Speech recognition remains a difficult problem in AI and machine learning. In a step towards solving this problem, OpenAI today opened up Whisper, an automatic speech recognition system that the company says enables “robust” transcription in multiple languages as well as translation from those languages to the ‘English.
Countless organizations have developed high-performance speech recognition systems, which are at the heart of software and services from tech giants like Google, Amazon and Meta. But what makes Whisper different, according to OpenAI, is that it was trained on 680,000 hours of multilingual, “multitasking” data collected from the web, resulting in improved recognition of unique accents, the noise of background and technical jargon.
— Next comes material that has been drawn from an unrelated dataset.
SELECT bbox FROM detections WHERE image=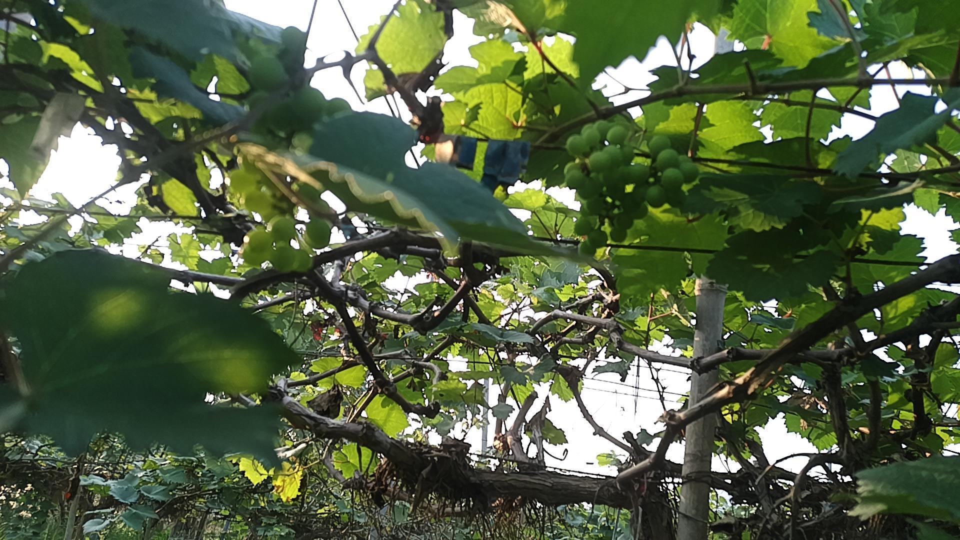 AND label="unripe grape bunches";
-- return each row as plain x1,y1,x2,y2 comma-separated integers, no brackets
228,22,358,276
564,116,700,254
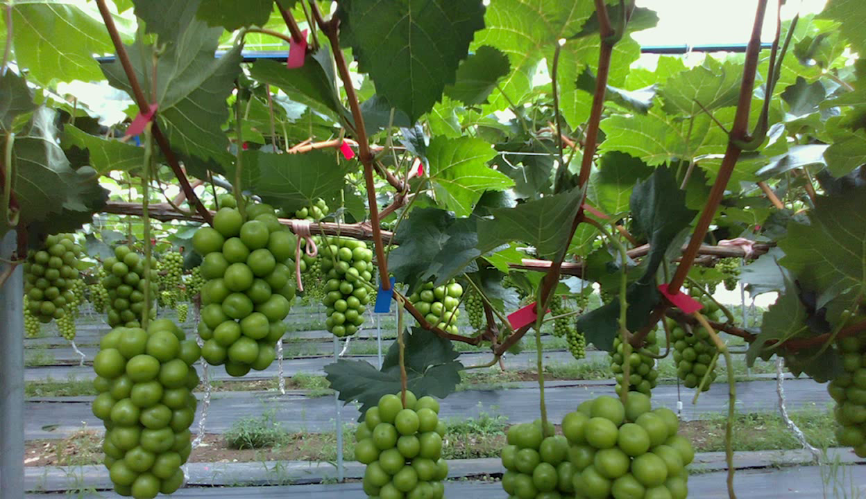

“The main intended users of [the Whisper] Models are AI researchers studying the robustness, generalization, capabilities, biases and constraints of the current model. However, Whisper is also potentially very useful as an automatic speech recognition solution for developers, especially for English speech recognition,” OpenAI wrote in the GitHub repository for Whisper, from which several versions of the system can be downloaded. . “[The models] show good ASR results in about 10 languages. They may exhibit additional capabilities…if they are refined on certain tasks such as voice activity detection, speaker classification, or speaker diarization, but have not been robustly evaluated in these areas.
Whisper has its limitations, especially in the area of text prediction. Because the system was trained on a large amount of “noisy” data, OpenAI warns that Whisper might include words in its transcriptions that weren’t actually spoken – possibly because it’s both trying to predict the next word in the audio and try to transcribe the audio itself. Additionally, Whisper does not perform equally well in all languages, suffering from a higher error rate when dealing with speakers of languages that are not well represented in the training data.
This last element is unfortunately not new in the world of voice recognition. Biases have long plagued even the best systems, with a 2020 Stanford study finding that systems from Amazon, Apple, Google, IBM and Microsoft made far fewer errors – around 35% – with white users. than with black users.
Despite this, OpenAI sees Whisper’s transcription capabilities being used to improve existing accessibility tools.
“Although the Whisper models cannot be used for real-time transcription out of the box, their speed and size suggest that others may be able to build applications on them that enable recognition and translation of near real-time speech,” the company continues on GitHub. “The real value of beneficial applications built on Whisper models suggests that the disparate performance of these models can have real economic implications… [W]We hope that the technology will be used primarily for beneficial purposes, making automatic speech recognition technology more accessible could enable more players to develop successful surveillance technologies or scale up existing surveillance efforts, as the speed and accuracy enable affordable automatic transcription and translation of large volumes of audio communication.
Whisper’s release is not necessarily indicative of OpenAI’s future plans. Although it is increasingly focusing on commercial efforts such as DALL-E 2 and GPT-3, the company is pursuing several purely theoretical lines of research, including AI systems that learn by watching videos.